Son, age 79, of a Norwegian who accepted an offer to enlist and serve with the German occupiers.

“When somebody started talking about the war I fell silent. Everybody could tell what their fathers had done, but not I. So I was a quiet child. Later this feeling of shame changed into restlessness and insecurity. Would anything new pop up? (…) My father was a soldier on the Eastern Front. He was part of the regime which staged the Holocaust in Eastern Europe. There are still things I will not talk about. I have a feeling that what I tell also reveals something about me.”

 Grandchild, age 32, descendant of members of the Nazi Party.

I see clear lines going from my grandmother to my mother and to me. My mother used to poke her finger into my back and say “straighten up!” – presumably to conquer her inward shame. My mother justified her action by saying that her mother used to do the same thing to her. To me that is a symbol of transferring the shame.”

Daughter, age 55, of a German soldier who served in Norway.

There was something that happened in Norway during the war, something terrible which was going to leave its mark on my father more than anything else. Something so strong that he was never willing to talk about it. Something which traumatised him so profoundly that it affected our entire family, even us four siblings who never experienced the war.
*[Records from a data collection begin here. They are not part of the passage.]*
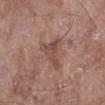Captured during whole-body skin photography for melanoma surveillance; the lesion was not biopsied.
The subject is a female in their mid- to late 70s.
A 15 mm close-up tile from a total-body photography series done for melanoma screening.
The total-body-photography lesion software estimated a border-irregularity rating of about 6/10 and radial color variation of about 1. It also reported a classifier nevus-likeness of about 0/100.
Longest diameter approximately 4 mm.
Imaged with white-light lighting.
On the right lower leg.
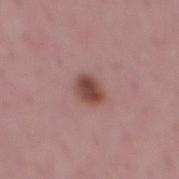No biopsy was performed on this lesion — it was imaged during a full skin examination and was not determined to be concerning. A 15 mm close-up tile from a total-body photography series done for melanoma screening. This is a white-light tile. From the mid back. Automated tile analysis of the lesion measured a lesion color around L≈46 a*≈23 b*≈23 in CIELAB, about 13 CIELAB-L* units darker than the surrounding skin, and a normalized lesion–skin contrast near 9.5. It also reported a border-irregularity rating of about 2/10 and a within-lesion color-variation index near 2.5/10. A male patient, approximately 50 years of age. The recorded lesion diameter is about 3 mm.
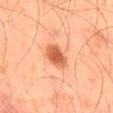Case summary:
- workup — catalogued during a skin exam; not biopsied
- patient — male, aged 43 to 47
- automated metrics — a footprint of about 6 mm² and a shape-asymmetry score of about 0.15 (0 = symmetric); a border-irregularity rating of about 1.5/10, a color-variation rating of about 2.5/10, and peripheral color asymmetry of about 0.5
- diameter — ~3 mm (longest diameter)
- location — the mid back
- imaging modality — 15 mm crop, total-body photography
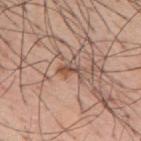workup=imaged on a skin check; not biopsied | image-analysis metrics=a border-irregularity index near 5/10, a within-lesion color-variation index near 4/10, and a peripheral color-asymmetry measure near 1 | anatomic site=the back | subject=male, in their mid- to late 50s | diameter=about 3 mm | acquisition=~15 mm tile from a whole-body skin photo.
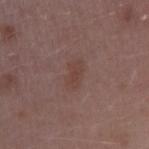No biopsy was performed on this lesion — it was imaged during a full skin examination and was not determined to be concerning. A roughly 15 mm field-of-view crop from a total-body skin photograph. The lesion is on the right upper arm. Approximately 3.5 mm at its widest. The subject is a female aged 43 to 47. Imaged with white-light lighting.
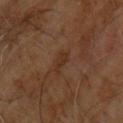The lesion was photographed on a routine skin check and not biopsied; there is no pathology result. A male subject, in their 60s. The lesion-visualizer software estimated a lesion color around L≈29 a*≈18 b*≈28 in CIELAB, a lesion–skin lightness drop of about 6, and a normalized border contrast of about 6.5. It also reported a border-irregularity rating of about 4.5/10, a within-lesion color-variation index near 0/10, and a peripheral color-asymmetry measure near 0. The analysis additionally found a nevus-likeness score of about 0/100 and a detector confidence of about 100 out of 100 that the crop contains a lesion. About 2.5 mm across. A region of skin cropped from a whole-body photographic capture, roughly 15 mm wide. The lesion is located on the front of the torso. Captured under cross-polarized illumination.
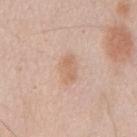Clinical impression: Captured during whole-body skin photography for melanoma surveillance; the lesion was not biopsied. Background: From the chest. The tile uses white-light illumination. The lesion-visualizer software estimated a shape eccentricity near 0.8 and two-axis asymmetry of about 0.15. It also reported a border-irregularity rating of about 1.5/10 and a within-lesion color-variation index near 2/10. Longest diameter approximately 3.5 mm. A close-up tile cropped from a whole-body skin photograph, about 15 mm across. A male patient, approximately 45 years of age.
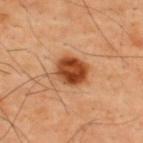notes: no biopsy performed (imaged during a skin exam) | location: the upper back | image-analysis metrics: about 18 CIELAB-L* units darker than the surrounding skin; a border-irregularity index near 1/10 and internal color variation of about 6 on a 0–10 scale | size: about 3.5 mm | imaging modality: 15 mm crop, total-body photography | tile lighting: cross-polarized | subject: male, about 40 years old.
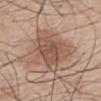Assessment: Recorded during total-body skin imaging; not selected for excision or biopsy. Image and clinical context: A 15 mm crop from a total-body photograph taken for skin-cancer surveillance. A male subject, about 75 years old. This is a white-light tile. On the back. Automated tile analysis of the lesion measured a nevus-likeness score of about 5/100.
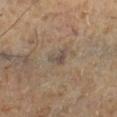– follow-up — catalogued during a skin exam; not biopsied
– imaging modality — ~15 mm tile from a whole-body skin photo
– site — the right lower leg
– subject — male, about 55 years old
– illumination — cross-polarized illumination
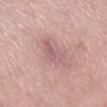Notes:
– follow-up — total-body-photography surveillance lesion; no biopsy
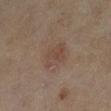Case summary:
- biopsy status: no biopsy performed (imaged during a skin exam)
- site: the left lower leg
- imaging modality: ~15 mm crop, total-body skin-cancer survey
- diameter: ≈3 mm
- subject: female, aged around 60
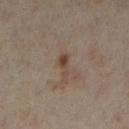| field | value |
|---|---|
| biopsy status | no biopsy performed (imaged during a skin exam) |
| image | 15 mm crop, total-body photography |
| anatomic site | the left lower leg |
| subject | female, roughly 35 years of age |
| automated lesion analysis | a border-irregularity index near 5/10, internal color variation of about 1 on a 0–10 scale, and radial color variation of about 0; a lesion-detection confidence of about 100/100 |
| lesion size | ≈3 mm |
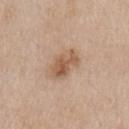Clinical impression:
This lesion was catalogued during total-body skin photography and was not selected for biopsy.
Clinical summary:
This image is a 15 mm lesion crop taken from a total-body photograph. A male patient, approximately 75 years of age. The lesion is located on the right upper arm.
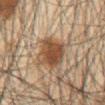Part of a total-body skin-imaging series; this lesion was reviewed on a skin check and was not flagged for biopsy. A male subject roughly 65 years of age. Located on the chest. The total-body-photography lesion software estimated a lesion–skin lightness drop of about 12. A roughly 15 mm field-of-view crop from a total-body skin photograph. Imaged with cross-polarized lighting. About 4.5 mm across.
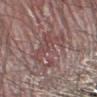biopsy_status: not biopsied; imaged during a skin examination
automated_metrics:
  area_mm2_approx: 15.0
  eccentricity: 0.8
  shape_asymmetry: 0.45
  cielab_L: 47
  cielab_a: 20
  cielab_b: 19
  border_irregularity_0_10: 8.5
lesion_size:
  long_diameter_mm_approx: 7.0
patient:
  sex: male
  age_approx: 50
site: leg
image:
  source: total-body photography crop
  field_of_view_mm: 15
lighting: white-light
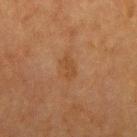Q: Was a biopsy performed?
A: imaged on a skin check; not biopsied
Q: Lesion location?
A: the arm
Q: What are the patient's age and sex?
A: female, in their mid-50s
Q: What kind of image is this?
A: ~15 mm tile from a whole-body skin photo
Q: How large is the lesion?
A: about 2.5 mm
Q: Illumination type?
A: cross-polarized illumination
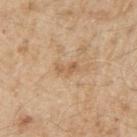Image and clinical context: This is a white-light tile. Approximately 2.5 mm at its widest. This image is a 15 mm lesion crop taken from a total-body photograph. The total-body-photography lesion software estimated a border-irregularity rating of about 4.5/10, internal color variation of about 0 on a 0–10 scale, and a peripheral color-asymmetry measure near 0. And it measured an automated nevus-likeness rating near 0 out of 100. Located on the right upper arm. The subject is a male aged approximately 70.
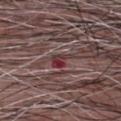Impression: This lesion was catalogued during total-body skin photography and was not selected for biopsy. Context: The lesion is on the chest. Approximately 2.5 mm at its widest. A 15 mm crop from a total-body photograph taken for skin-cancer surveillance. A male subject aged around 55.
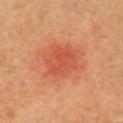| feature | finding |
|---|---|
| biopsy status | no biopsy performed (imaged during a skin exam) |
| automated lesion analysis | a lesion area of about 15 mm² and two-axis asymmetry of about 0.2; a mean CIELAB color near L≈57 a*≈36 b*≈39 and a normalized border contrast of about 5; a border-irregularity rating of about 3/10, internal color variation of about 3 on a 0–10 scale, and peripheral color asymmetry of about 1 |
| lesion diameter | ≈4.5 mm |
| lighting | cross-polarized illumination |
| patient | female, aged 68 to 72 |
| location | the right upper arm |
| acquisition | total-body-photography crop, ~15 mm field of view |
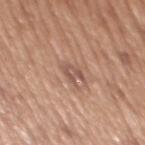Notes:
* notes · total-body-photography surveillance lesion; no biopsy
* size · ~2.5 mm (longest diameter)
* subject · male, aged around 65
* site · the mid back
* image source · ~15 mm crop, total-body skin-cancer survey
* image-analysis metrics · an area of roughly 3.5 mm², an outline eccentricity of about 0.7 (0 = round, 1 = elongated), and a symmetry-axis asymmetry near 0.35; a mean CIELAB color near L≈54 a*≈20 b*≈26, roughly 9 lightness units darker than nearby skin, and a lesion-to-skin contrast of about 6 (normalized; higher = more distinct); a border-irregularity rating of about 4/10 and a peripheral color-asymmetry measure near 0.5
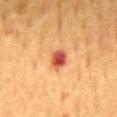Impression:
The lesion was photographed on a routine skin check and not biopsied; there is no pathology result.
Acquisition and patient details:
The patient is a male in their 60s. This is a cross-polarized tile. Automated image analysis of the tile measured a lesion area of about 4.5 mm², a shape eccentricity near 0.6, and a shape-asymmetry score of about 0.2 (0 = symmetric). And it measured a lesion color around L≈55 a*≈35 b*≈38 in CIELAB, roughly 17 lightness units darker than nearby skin, and a normalized lesion–skin contrast near 11. It also reported a within-lesion color-variation index near 8/10 and radial color variation of about 2.5. The software also gave an automated nevus-likeness rating near 0 out of 100 and a lesion-detection confidence of about 100/100. This image is a 15 mm lesion crop taken from a total-body photograph. Approximately 2.5 mm at its widest. The lesion is located on the mid back.
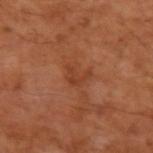Clinical summary:
Measured at roughly 3 mm in maximum diameter. The lesion-visualizer software estimated an area of roughly 3.5 mm², an eccentricity of roughly 0.65, and a symmetry-axis asymmetry near 0.65. And it measured a border-irregularity index near 7/10, internal color variation of about 1 on a 0–10 scale, and a peripheral color-asymmetry measure near 0.5. The software also gave an automated nevus-likeness rating near 0 out of 100 and a detector confidence of about 100 out of 100 that the crop contains a lesion. Captured under cross-polarized illumination. A region of skin cropped from a whole-body photographic capture, roughly 15 mm wide. On the left upper arm. The subject is a male aged approximately 55.
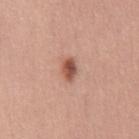Impression: No biopsy was performed on this lesion — it was imaged during a full skin examination and was not determined to be concerning. Context: A female subject about 50 years old. The lesion is located on the chest. Longest diameter approximately 3 mm. An algorithmic analysis of the crop reported a shape eccentricity near 0.8 and two-axis asymmetry of about 0.25. A lesion tile, about 15 mm wide, cut from a 3D total-body photograph. This is a white-light tile.
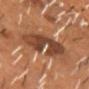The lesion was photographed on a routine skin check and not biopsied; there is no pathology result. Automated tile analysis of the lesion measured a footprint of about 18 mm², an eccentricity of roughly 0.85, and a shape-asymmetry score of about 0.25 (0 = symmetric). It also reported roughly 12 lightness units darker than nearby skin. And it measured a border-irregularity rating of about 5.5/10 and peripheral color asymmetry of about 1. And it measured an automated nevus-likeness rating near 0 out of 100. This is a cross-polarized tile. A male subject, approximately 55 years of age. The lesion is located on the head or neck. A region of skin cropped from a whole-body photographic capture, roughly 15 mm wide.
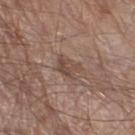Measured at roughly 3 mm in maximum diameter. The lesion is on the right thigh. The lesion-visualizer software estimated an outline eccentricity of about 0.65 (0 = round, 1 = elongated) and a symmetry-axis asymmetry near 0.45. It also reported a lesion-detection confidence of about 100/100. This is a white-light tile. A male patient, approximately 80 years of age. A 15 mm crop from a total-body photograph taken for skin-cancer surveillance.
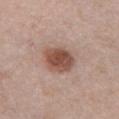Findings:
• size · ~3.5 mm (longest diameter)
• imaging modality · ~15 mm tile from a whole-body skin photo
• lighting · white-light illumination
• image-analysis metrics · border irregularity of about 1.5 on a 0–10 scale and a color-variation rating of about 4/10
• anatomic site · the front of the torso
• subject · female, in their mid-60s
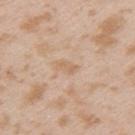The lesion was tiled from a total-body skin photograph and was not biopsied. About 2.5 mm across. Automated tile analysis of the lesion measured a lesion area of about 3 mm² and an outline eccentricity of about 0.85 (0 = round, 1 = elongated). And it measured an automated nevus-likeness rating near 0 out of 100 and a lesion-detection confidence of about 100/100. On the left upper arm. A female patient roughly 25 years of age. Imaged with white-light lighting. A lesion tile, about 15 mm wide, cut from a 3D total-body photograph.
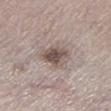Q: Was a biopsy performed?
A: catalogued during a skin exam; not biopsied
Q: What did automated image analysis measure?
A: a lesion color around L≈51 a*≈13 b*≈20 in CIELAB, a lesion–skin lightness drop of about 12, and a normalized border contrast of about 9; a border-irregularity index near 3/10 and radial color variation of about 1.5; a nevus-likeness score of about 40/100 and a detector confidence of about 100 out of 100 that the crop contains a lesion
Q: What are the patient's age and sex?
A: male, roughly 80 years of age
Q: Where on the body is the lesion?
A: the left lower leg
Q: What is the lesion's diameter?
A: about 3.5 mm
Q: How was this image acquired?
A: total-body-photography crop, ~15 mm field of view
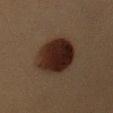Captured during whole-body skin photography for melanoma surveillance; the lesion was not biopsied. The patient is a female aged 38 to 42. Located on the left upper arm. A 15 mm close-up extracted from a 3D total-body photography capture.
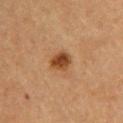The lesion was photographed on a routine skin check and not biopsied; there is no pathology result. The lesion is on the upper back. This is a cross-polarized tile. A close-up tile cropped from a whole-body skin photograph, about 15 mm across. A female subject, aged approximately 60.
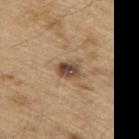This lesion was catalogued during total-body skin photography and was not selected for biopsy. From the upper back. A male patient aged 68 to 72. This is a white-light tile. An algorithmic analysis of the crop reported a border-irregularity rating of about 2.5/10, internal color variation of about 6.5 on a 0–10 scale, and radial color variation of about 2.5. The analysis additionally found a detector confidence of about 100 out of 100 that the crop contains a lesion. A roughly 15 mm field-of-view crop from a total-body skin photograph. Measured at roughly 3 mm in maximum diameter.
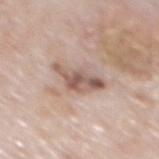biopsy_status: not biopsied; imaged during a skin examination
site: back
image:
  source: total-body photography crop
  field_of_view_mm: 15
lighting: white-light
automated_metrics:
  area_mm2_approx: 9.5
  eccentricity: 0.85
  nevus_likeness_0_100: 0
lesion_size:
  long_diameter_mm_approx: 5.0
patient:
  sex: male
  age_approx: 80
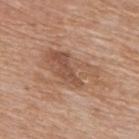{"biopsy_status": "not biopsied; imaged during a skin examination", "site": "mid back", "lighting": "white-light", "image": {"source": "total-body photography crop", "field_of_view_mm": 15}, "patient": {"sex": "male", "age_approx": 60}, "lesion_size": {"long_diameter_mm_approx": 7.0}}
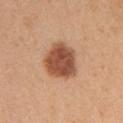biopsy_status: not biopsied; imaged during a skin examination
patient:
  sex: female
  age_approx: 45
lesion_size:
  long_diameter_mm_approx: 4.5
site: arm
image:
  source: total-body photography crop
  field_of_view_mm: 15
lighting: white-light
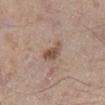The lesion is located on the right lower leg. Approximately 3 mm at its widest. Cropped from a total-body skin-imaging series; the visible field is about 15 mm. This is a white-light tile. A male patient aged approximately 55.
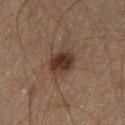biopsy status — catalogued during a skin exam; not biopsied | subject — male, aged around 60 | tile lighting — cross-polarized illumination | image-analysis metrics — a footprint of about 7 mm², a shape eccentricity near 0.45, and a symmetry-axis asymmetry near 0.15; a lesion color around L≈24 a*≈14 b*≈20 in CIELAB and a normalized lesion–skin contrast near 10.5; a border-irregularity rating of about 1.5/10, a color-variation rating of about 3/10, and a peripheral color-asymmetry measure near 1; lesion-presence confidence of about 100/100 | location — the left thigh | image — 15 mm crop, total-body photography | lesion size — ~3 mm (longest diameter).
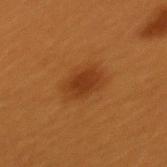| feature | finding |
|---|---|
| patient | female, aged 28 to 32 |
| size | ≈4 mm |
| site | the upper back |
| image | total-body-photography crop, ~15 mm field of view |
| tile lighting | cross-polarized |
| automated lesion analysis | a lesion color around L≈35 a*≈24 b*≈37 in CIELAB and a lesion–skin lightness drop of about 8; a border-irregularity index near 2/10 and peripheral color asymmetry of about 0.5 |
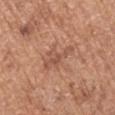{
  "biopsy_status": "not biopsied; imaged during a skin examination",
  "automated_metrics": {
    "area_mm2_approx": 6.5,
    "shape_asymmetry": 0.4
  },
  "patient": {
    "sex": "male",
    "age_approx": 75
  },
  "lesion_size": {
    "long_diameter_mm_approx": 4.5
  },
  "site": "arm",
  "image": {
    "source": "total-body photography crop",
    "field_of_view_mm": 15
  }
}
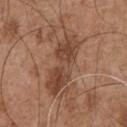notes=no biopsy performed (imaged during a skin exam); imaging modality=15 mm crop, total-body photography; subject=male, in their mid-50s; size=about 11 mm; location=the chest; tile lighting=white-light.
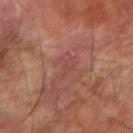No biopsy was performed on this lesion — it was imaged during a full skin examination and was not determined to be concerning. Approximately 3.5 mm at its widest. The tile uses cross-polarized illumination. The total-body-photography lesion software estimated a footprint of about 3.5 mm², a shape eccentricity near 0.9, and two-axis asymmetry of about 0.55. The software also gave border irregularity of about 6 on a 0–10 scale, a color-variation rating of about 1/10, and radial color variation of about 0. From the right forearm. A male subject aged around 65. A 15 mm close-up tile from a total-body photography series done for melanoma screening.
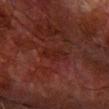Captured during whole-body skin photography for melanoma surveillance; the lesion was not biopsied.
The patient is a male aged around 80.
A region of skin cropped from a whole-body photographic capture, roughly 15 mm wide.
The lesion is on the right forearm.
Longest diameter approximately 3.5 mm.
Automated tile analysis of the lesion measured an area of roughly 4.5 mm², an eccentricity of roughly 0.9, and a shape-asymmetry score of about 0.35 (0 = symmetric). The software also gave a lesion color around L≈17 a*≈21 b*≈20 in CIELAB and a lesion-to-skin contrast of about 5 (normalized; higher = more distinct). It also reported border irregularity of about 4 on a 0–10 scale, a color-variation rating of about 1/10, and a peripheral color-asymmetry measure near 0. The analysis additionally found a lesion-detection confidence of about 95/100.
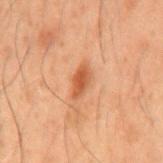Case summary:
– workup: total-body-photography surveillance lesion; no biopsy
– subject: male, approximately 50 years of age
– imaging modality: 15 mm crop, total-body photography
– site: the mid back
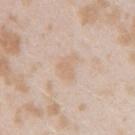Impression: The lesion was tiled from a total-body skin photograph and was not biopsied. Context: The lesion is located on the arm. Longest diameter approximately 3 mm. The total-body-photography lesion software estimated a mean CIELAB color near L≈68 a*≈15 b*≈29, a lesion–skin lightness drop of about 6, and a normalized border contrast of about 4.5. The analysis additionally found border irregularity of about 3 on a 0–10 scale, a within-lesion color-variation index near 1.5/10, and a peripheral color-asymmetry measure near 0.5. The analysis additionally found a nevus-likeness score of about 0/100. The subject is a female roughly 25 years of age. A close-up tile cropped from a whole-body skin photograph, about 15 mm across.
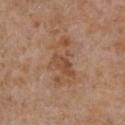<case>
  <biopsy_status>not biopsied; imaged during a skin examination</biopsy_status>
  <lesion_size>
    <long_diameter_mm_approx>6.0</long_diameter_mm_approx>
  </lesion_size>
  <patient>
    <sex>female</sex>
    <age_approx>75</age_approx>
  </patient>
  <image>
    <source>total-body photography crop</source>
    <field_of_view_mm>15</field_of_view_mm>
  </image>
  <lighting>white-light</lighting>
  <site>chest</site>
  <automated_metrics>
    <area_mm2_approx>14.0</area_mm2_approx>
    <shape_asymmetry>0.4</shape_asymmetry>
    <border_irregularity_0_10>5.5</border_irregularity_0_10>
    <color_variation_0_10>5.0</color_variation_0_10>
    <peripheral_color_asymmetry>1.5</peripheral_color_asymmetry>
  </automated_metrics>
</case>
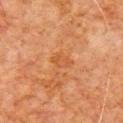Imaged during a routine full-body skin examination; the lesion was not biopsied and no histopathology is available.
A lesion tile, about 15 mm wide, cut from a 3D total-body photograph.
The recorded lesion diameter is about 2.5 mm.
Captured under cross-polarized illumination.
Automated image analysis of the tile measured a shape-asymmetry score of about 0.25 (0 = symmetric). It also reported a lesion color around L≈43 a*≈23 b*≈35 in CIELAB, a lesion–skin lightness drop of about 5, and a lesion-to-skin contrast of about 5 (normalized; higher = more distinct). It also reported border irregularity of about 2.5 on a 0–10 scale, internal color variation of about 1.5 on a 0–10 scale, and a peripheral color-asymmetry measure near 0.5. And it measured a detector confidence of about 100 out of 100 that the crop contains a lesion.
A male subject aged around 80.
The lesion is on the front of the torso.
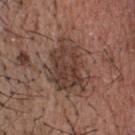This lesion was catalogued during total-body skin photography and was not selected for biopsy.
The patient is a male aged 68 to 72.
Cropped from a total-body skin-imaging series; the visible field is about 15 mm.
Automated tile analysis of the lesion measured a normalized border contrast of about 7.5. It also reported a within-lesion color-variation index near 5/10 and a peripheral color-asymmetry measure near 2.
The lesion is located on the head or neck.
The tile uses white-light illumination.
The lesion's longest dimension is about 7 mm.
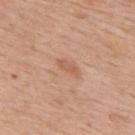| field | value |
|---|---|
| imaging modality | ~15 mm crop, total-body skin-cancer survey |
| patient | male, aged around 60 |
| automated lesion analysis | a mean CIELAB color near L≈58 a*≈23 b*≈31, about 8 CIELAB-L* units darker than the surrounding skin, and a normalized border contrast of about 5.5; a color-variation rating of about 0/10 and radial color variation of about 0; lesion-presence confidence of about 100/100 |
| site | the back |
| lesion diameter | ≈2.5 mm |
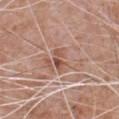| feature | finding |
|---|---|
| follow-up | imaged on a skin check; not biopsied |
| site | the chest |
| illumination | white-light |
| imaging modality | total-body-photography crop, ~15 mm field of view |
| patient | male, aged around 65 |
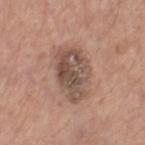Findings:
• follow-up — imaged on a skin check; not biopsied
• anatomic site — the leg
• subject — male, aged around 65
• tile lighting — white-light
• imaging modality — total-body-photography crop, ~15 mm field of view
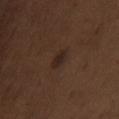Impression:
Recorded during total-body skin imaging; not selected for excision or biopsy.
Image and clinical context:
Captured under white-light illumination. From the chest. About 2.5 mm across. Cropped from a whole-body photographic skin survey; the tile spans about 15 mm. Automated tile analysis of the lesion measured a lesion area of about 3 mm², an eccentricity of roughly 0.85, and a shape-asymmetry score of about 0.2 (0 = symmetric). And it measured about 6 CIELAB-L* units darker than the surrounding skin and a normalized lesion–skin contrast near 8. And it measured a border-irregularity rating of about 2/10, internal color variation of about 1.5 on a 0–10 scale, and peripheral color asymmetry of about 0.5. A male subject approximately 70 years of age.
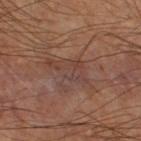Clinical impression:
No biopsy was performed on this lesion — it was imaged during a full skin examination and was not determined to be concerning.
Clinical summary:
The subject is a male in their 60s. Imaged with cross-polarized lighting. A 15 mm close-up extracted from a 3D total-body photography capture. Located on the right thigh. The recorded lesion diameter is about 6 mm.
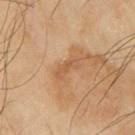Recorded during total-body skin imaging; not selected for excision or biopsy.
This image is a 15 mm lesion crop taken from a total-body photograph.
Automated tile analysis of the lesion measured a mean CIELAB color near L≈57 a*≈21 b*≈37, about 7 CIELAB-L* units darker than the surrounding skin, and a normalized border contrast of about 5. The software also gave border irregularity of about 4 on a 0–10 scale, a color-variation rating of about 1.5/10, and a peripheral color-asymmetry measure near 0.5. The software also gave an automated nevus-likeness rating near 0 out of 100 and lesion-presence confidence of about 100/100.
On the right upper arm.
The tile uses cross-polarized illumination.
Measured at roughly 3.5 mm in maximum diameter.
A male subject, aged 63–67.
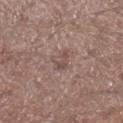Acquisition and patient details:
On the leg. The lesion-visualizer software estimated a mean CIELAB color near L≈49 a*≈17 b*≈21, a lesion–skin lightness drop of about 7, and a lesion-to-skin contrast of about 5.5 (normalized; higher = more distinct). And it measured a color-variation rating of about 3.5/10 and radial color variation of about 1.5. Measured at roughly 2.5 mm in maximum diameter. A male subject, about 55 years old. A region of skin cropped from a whole-body photographic capture, roughly 15 mm wide. Captured under white-light illumination.
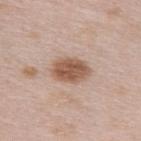On the upper back. The patient is a female approximately 65 years of age. A region of skin cropped from a whole-body photographic capture, roughly 15 mm wide. An algorithmic analysis of the crop reported an area of roughly 10 mm², an eccentricity of roughly 0.75, and two-axis asymmetry of about 0.15. And it measured a mean CIELAB color near L≈56 a*≈19 b*≈28, a lesion–skin lightness drop of about 13, and a lesion-to-skin contrast of about 9 (normalized; higher = more distinct). The software also gave a detector confidence of about 100 out of 100 that the crop contains a lesion. The tile uses white-light illumination.
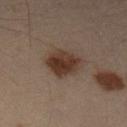No biopsy was performed on this lesion — it was imaged during a full skin examination and was not determined to be concerning. The lesion's longest dimension is about 4.5 mm. The subject is a male in their mid-50s. Captured under cross-polarized illumination. A region of skin cropped from a whole-body photographic capture, roughly 15 mm wide. The lesion is on the left lower leg.

In this way, the war somehow became part of our lives too. (…) People who have grown up with a father traumatised by war will know what it is all about, no matter which side of the war he was on.

Bjørn, age 77, son of a German soldier.

From my early childhood I was instructed not to tell anyone that I came from Germany. In the aftermath I understood that these cover stories were good for me. I’ve had friends who haven’t had such cover stories, and who have ended their lives as grown-ups, shooting themselves because they couldn’t cope with it anymore.

Jan Jørg Tomstad, age 67, son of a well-known resistance member.

My childhood was perhaps a little different from most, and I soon became aware of who my father was. “How lucky you are!” many said. They did not know how hard it was at home. (…) A member of our family once quoted my father as saying: ‘The price peace has cost us, is a price our descendants will have to pay in the form of fear and unrest passed on from one generation to another’. There is no doubt he was right in his observation.”

Daughter, age 79, of a man who helped the Germans during the war.

I was told that my father, after the war, was convicted as a traitor because he had worked as a spy for the Germans. This was the first time I heard that story. When I learned all this I had turned 50. It was horribly painful (…) As long as there is doubt about the truth, it becomes difficult to relate to, reconcile myself with and forgive. But can I really forgive?  Guilt, forgiveness and reconciliation, those are difficult ideas and concepts, but he was my father and he was a kind man.

Daughter, age 62, who at the age of 20 happened to learn that her mother had been married to a German soldier, a fact that had never been communicated at home.  

I may seem open and sociable, but at the bottom of my heart I have always been lonely. I was sort of never able to live out my feelings; everything was stifled and hushed up (at home). There was so much under the surface, but no-one dared to touch it; silence was total and all- pervading.”

Woman, 94, who was abandoned by her family and local society when she married a German soldier. 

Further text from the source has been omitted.